Sedang Membaca
Akulturasi Religi dan Tradisi dalam Ketupat Idul Fitri
Purnawan Andra
Penulis Kolom

Pegawai negeri sipil pada Direktorat Jenderal Kebudayaan Kementerian Pendidikan dan Kebudayaan RI. Lulusan Seni Tari Institut Seni Indonesia Surakarta

Akulturasi Religi dan Tradisi dalam Ketupat Idul Fitri

Ketupat, Zaman, 10 16 Agustus 1980

Idul Fitri adalah sebuah momen penting dalam kehidupan masyarakat Indonesia yang mayoritas Muslim. Tanggal 1 Syawal itu menjadi perayaan syukur setelah sebulan berpuasa di bulan Ramadan. Tidak hanya menjadi peringatan hari raya bagi umat Islam, tapi juga menjadi hajatan umum bagi setiap orang, tidak peduli latar belakang agama dan kepercayaannya. Dengannya, tidak hanya menjadi ajang silaturahmi pertemuan antar orang terlebih sanak keluarga, Lebaran menjadi fenomena sosial masyarakat yang kompleks.

Selain arus mudik dan gelombang balik, halal bihalal, anjangsana, belanja hingga liburan juga mewarnai rangkaian Lebaran. Tidak hanya sebagai ritus religiositas, migrasi orang dalam konteks geografis, hingga perjalanan kultural, tapi juga menjadi praktik politik dan sosial ekonomi masyarakat. Tradisi Lebaran merangkum pelbagai hal yang sakral sekaligus profan, yang ukhrawi dan duniawi.

Pemaknaan

Di Nusantara, pemaknaan berakhirnya bulan Ramadan yang disebut sebagai syahrul-barokah dalam teologi Islam ini, kerap ditutup dengan rangkaian ritual penuh kegembiraan. Hal ini dilakukan seperti halnya ketika sebelum Ramadan tiba, masyarakat memiliki khazanah budaya lokal yang dilakukan sebagai rangkaian penyambutan bulan suci. Seperti misalnya dalam kultur Jawa, kita mengenal tradisi munggahan, nyadran, apeman, dugderan, ziarah kubur dan padusan.
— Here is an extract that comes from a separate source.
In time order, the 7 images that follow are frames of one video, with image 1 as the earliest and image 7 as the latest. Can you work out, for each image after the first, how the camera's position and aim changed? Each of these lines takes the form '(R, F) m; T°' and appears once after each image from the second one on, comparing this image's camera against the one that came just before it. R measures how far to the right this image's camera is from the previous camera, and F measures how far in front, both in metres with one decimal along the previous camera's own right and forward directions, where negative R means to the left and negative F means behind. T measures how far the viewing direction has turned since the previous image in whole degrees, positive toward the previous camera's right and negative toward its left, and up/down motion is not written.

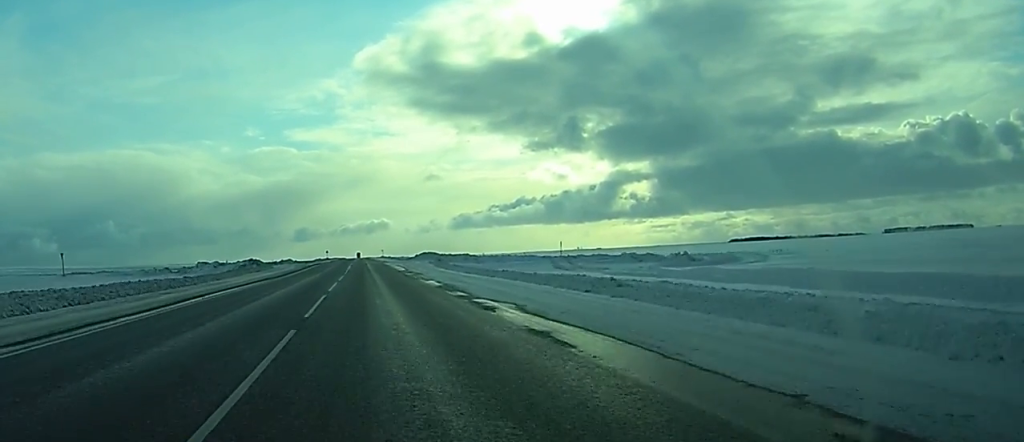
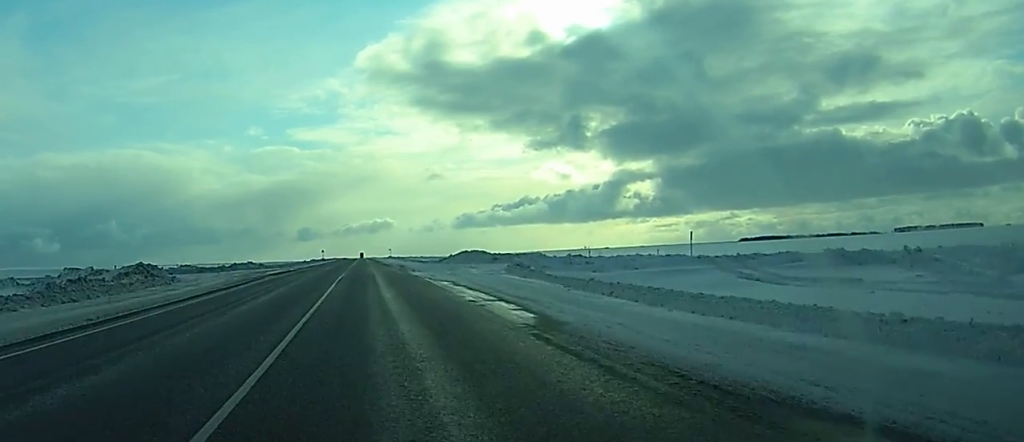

Demikian juga ketika melepas Ramadan dan berganti masuk bulan Syawal, berbagai kegiatan dilakukan karena bagi masyarakat Islam di Nusantara, melepas bulan suci itu sama penting dan meriahnya dengan ketika menyambut kedatangannya.

Pemaknaan ini hadir karena bagi umat Islam terutama, bulan Ramadan menjadi momentum khusus yang mengajarkan makna komunalitas dalam konteks ketuhanan yang universal. Ramadan dimaknai sebagai waktu pembersihan (dosa) diri dan pada saat yang sama juga menjadi gerbang pengampunan yang diakomodir melalui laku dan simbolisme budaya. Terkait hal ini, Andre Moller (2005) menyebutnya sebagai entitas liminalitas Ramadan.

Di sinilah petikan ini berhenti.